In present embodiment step 4, in nickel foam, the concrete grammar of supported palladium is: using synthetic glass reactor as galvanic deposition cell, with Ti/IrO
2/ RuO
2electrode is as anode, nickel foam is as negative electrode, adopt D.C. regulated power supply, the Palladous chloride deposit fluid that concentration is 1mmol/L is added in galvanic deposition cell, Palladous chloride deposit fluid is made not have negative electrode and anode, under the condition of 10mA continuous current, 40 DEG C of constant temperature, galvanic deposit 120min becomes colorless to deposit fluid, Keep agitation Palladous chloride deposit fluid in electrodeposition process.

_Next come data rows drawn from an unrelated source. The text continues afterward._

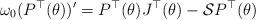
LaTeX: \begin{align*}\omega_0 (P^{\top}(\theta))' = P^{\top}(\theta)J^{\top}(\theta)- \mathcal{S}P^{\top}(\theta)\end{align*}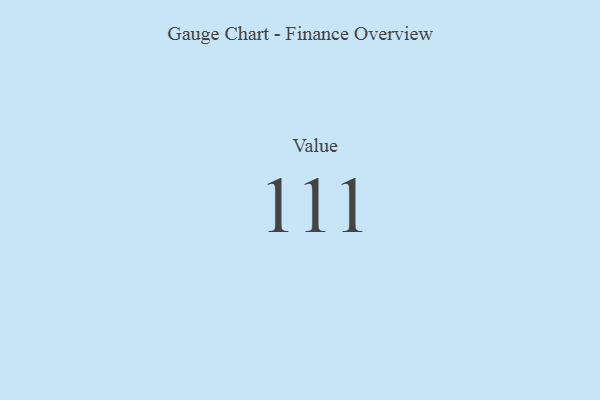
{"axis": {"x": "Metric", "y": "Value"}, "legend": [""], "data": [{"x": "Value", "y": 111, "type": ""}]}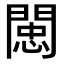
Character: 𨵖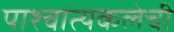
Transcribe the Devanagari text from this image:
पाश्चात्यकलेची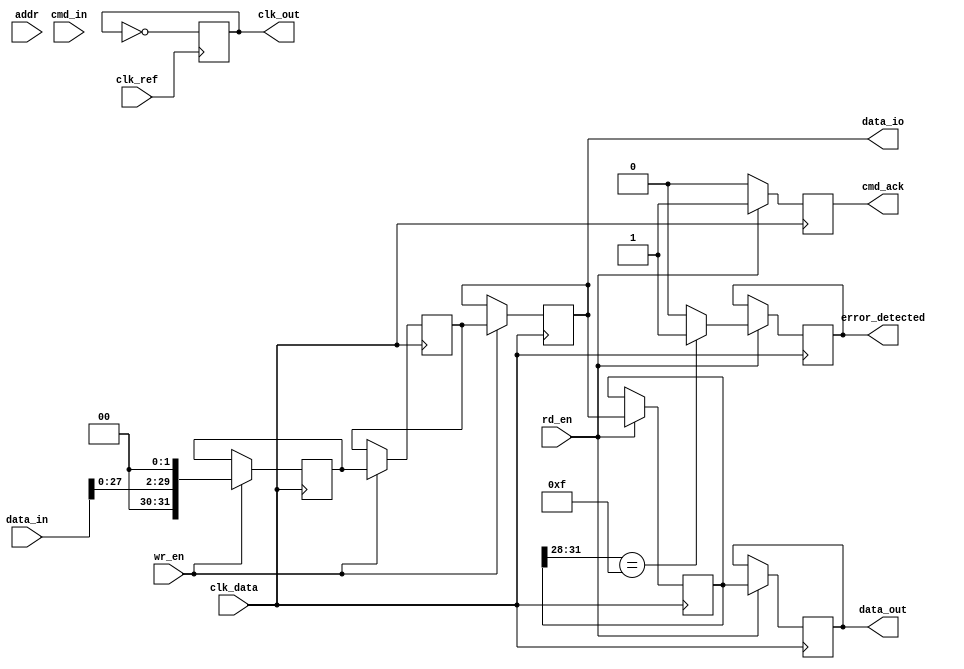
module gddr5_io_block (
    input wire clk_ref,           // Reference clock input
    input wire clk_data,          // Data clock input
    input wire [31:0] data_in,    // Data input for Tx
    input wire [31:0] cmd_in,     // Command input
    input wire rd_en,             // Read enable signal
    input wire wr_en,             // Write enable signal
    input wire [15:0] addr,       // Address input
    output reg [31:0] data_out,   // Data output from Rx
    output reg cmd_ack,           // Command acknowledgment
    output reg error_detected,     // Error detection signal
    output wire [31:0] data_io,   // Data I/O buffer
    output wire clk_out           // Output clock for data
);

// Internal signals
reg [31:0] tx_data;              // Data to be transmitted
reg [31:0] rx_data;              // Data received
wire clk_gen;                    // Generated clock signal
reg [31:0] encoded_data;         // Encoded data for transmission

// Clock Generator
always @(posedge clk_ref) begin
    // Simple clock generation logic for demonstration
    clk_out <= ~clk_out; // Toggle clock output
end

// Transmitter (Tx)
always @(posedge clk_data) begin
    if (wr_en) begin
        // Simple 8b/10b encoding (placeholder)
        encoded_data <= {data_in[27:0], 2'b00}; // Example encoding
        tx_data <= encoded_data;
        data_io <= tx_data; // Drive data lines
    end
end

// Receiver (Rx)
always @(posedge clk_data) begin
    if (rd_en) begin
        rx_data <= data_io; // Capture incoming data
        // Simple error detection (placeholder)
        if (rx_data[31:28] == 4'b1111) begin
            error_detected <= 1; // Example error condition
        end else begin
            error_detected <= 0;
        end
        data_out <= rx_data; // Output received data
        cmd_ack <= 1; // Acknowledge command
    end else begin
        cmd_ack <= 0; // De-assert command acknowledgment
    end
end

// Control Logic (simplified state machine)
always @(posedge clk_ref) begin
    // Control logic for handling commands (placeholder)
    if (wr_en) begin
        // Handle write command
    end else if (rd_en) begin
        // Handle read command
    end
end

endmodule

As shown in Figure 1, can find out that Mn oxide is nano level bar-shaped existence, its length is about about 150nm to the SEM photo of the nano-graphite of the Supported Manganese that present embodiment step 2 obtains, and is evenly distributed on nano-graphite lamella surface.

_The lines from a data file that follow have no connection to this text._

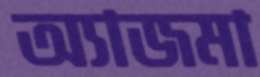
অ্যাজমা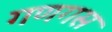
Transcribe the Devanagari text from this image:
गणगस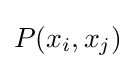
P(x_{i},x_{j})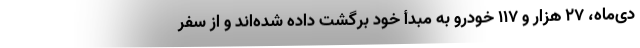
دی‌ماه، ۲۷ هزار و ۱۱۷ خودرو به مبدأ خود برگشت داده شده‌اند و از سفر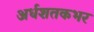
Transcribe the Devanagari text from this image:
अर्धशतकभर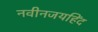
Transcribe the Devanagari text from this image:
नवीनजयहिंद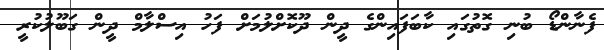
ފެނާންޑޯ ބުނި ގޮތުގައި ކާބަފައިންގެ ދީން ދޫކޮށްލުމަށް ފަހު އިސްލާމް ދީން ގަބޫލުކުރީ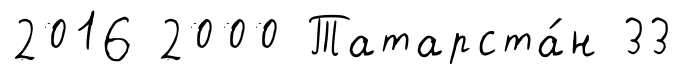
2016 2000 Татарста́н 33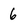
Character: 6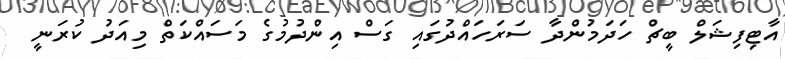
އާޓިފިޝަލް ބީޗް ހަދަމުންދާ ސަރަހައްދުގައި ގަސް އިންދުމުގެ މަސައްކަތް މިއަދު ކުރަނީ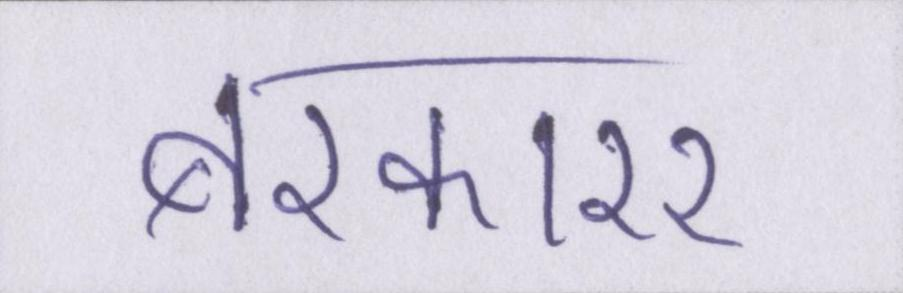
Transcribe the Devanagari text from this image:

The SEM photo on nano-graphite compound film sheet surface prepared by present embodiment step 3 as shown in Figure 2, under the condition of high-amplification-factor, the internal structure in visible groove and gap, abundant pore passage structure is had in uncompacted gap, adding electrode specific surface area, define well while conductive network, also make the oxygen in liquid phase can enter inside, duct, facilitate the generation of hydrogen reduction Hydrogen Peroxide and cathode compartment phase reaction.In addition, visible Mn oxide is that granular particles is inlayed at the electrode surface uniformly, and this inserted distribution effectively adds the surface-area of catalyzer, and Mn oxide can be made to give full play to its catalytic performance.
Year palladium nickel foam that present embodiment step 4 obtains amplifies the SEM photo of 400 times as shown in Figure 3, clearly can see that palladium metal is deposited on nickel foam substrate surface uniformly.Compared with nickel foam substrate, the avtive spot of its specific surface area and catalyzed reaction increases all greatly, is conducive to the transfer of electronics and the generation of Cathodic oxygen reduction.Year palladium nickel foam that step 4 obtains amplifies the SEM photo of 5000 times as shown in Figure 4, under higher magnification, palladium metal particle has covered whole nickel foam substrate surface completely, and presents closely uniform dendritic structure, there is good spatial extension, to be evenly distributed and in picturesque disorder.Acicular structure has darker groove structure, and which increase the specific surface area of palladium load foam nickel material and the avtive spot of reaction, this is conducive to making full use of of catalyzer.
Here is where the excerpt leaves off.